Because that's the thing. I am so intimately familiar with deadlines, after such a long relationship, that I know all too well, I will get the thing done. But that also means, I have lost the ability to get it done early. I no longer finish far ahead, because I no longer feel I need to make sure I'll finish. So I must go through the torture of feeling that I won't get it done, even though rationally, consciously I know I will, which is why I'm acting like this.
Some terrible force -- the same force that makes me blog? -- drives me to throw away all the extra time. I must create panic, apparently, so that my current little writing project becomes like a silent movie where the heroine is tied to the railroad tracks and the hero must arrive at the very last second. Isn't that so much more exciting?
So I'm blogging my time away, writing this -- easily! -- when I have 1200 words I need to nail down to meet a deadline. I've casually tossed more than 1200 words onto this blog today, even as a feeling of dread has been closing its grip on me. The deadline!
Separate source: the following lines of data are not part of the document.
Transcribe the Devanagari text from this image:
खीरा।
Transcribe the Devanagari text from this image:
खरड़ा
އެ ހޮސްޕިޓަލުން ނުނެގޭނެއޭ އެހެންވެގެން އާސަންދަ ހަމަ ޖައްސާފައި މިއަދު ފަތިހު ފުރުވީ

Yet still, I take the time to follow the urge to find something online about the general abstract idea of the deadline. But the train tracks! The heroine! No, no... I know what I'm doing... Look, isn't this interesting?
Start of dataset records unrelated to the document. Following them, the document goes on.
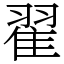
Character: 翟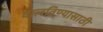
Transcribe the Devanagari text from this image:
घालविण्‍यासाठी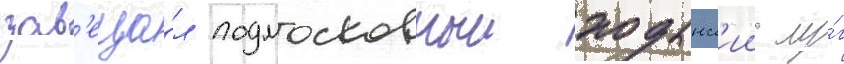
зав'еща́л подмосковныи ходынск'ии лу́г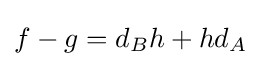
f-g=d_{B}h+hd_{A}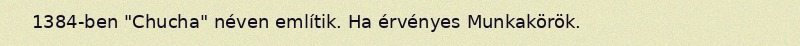
1384-ben "Chucha" néven említik. Ha érvényes Munkakörök.

The sense of deadline meaning a time limit was originally newspaper jargon and first appears in 1920. It is an Americanism. It may derive from printing jargon referring to a guide that is placed on the press to keep the type in place. This sense appears a few years earlier.
The sense meaning a line around a prison where the prisoner's will be shot if they cross it, comes from the 1860s and prison camps during the American Civil War. The angling sense dates to 1860 or perhaps a bit earlier. These may or may not have had an influence on the newspaper term.
Ah, now! Get to work. You're out of your mind!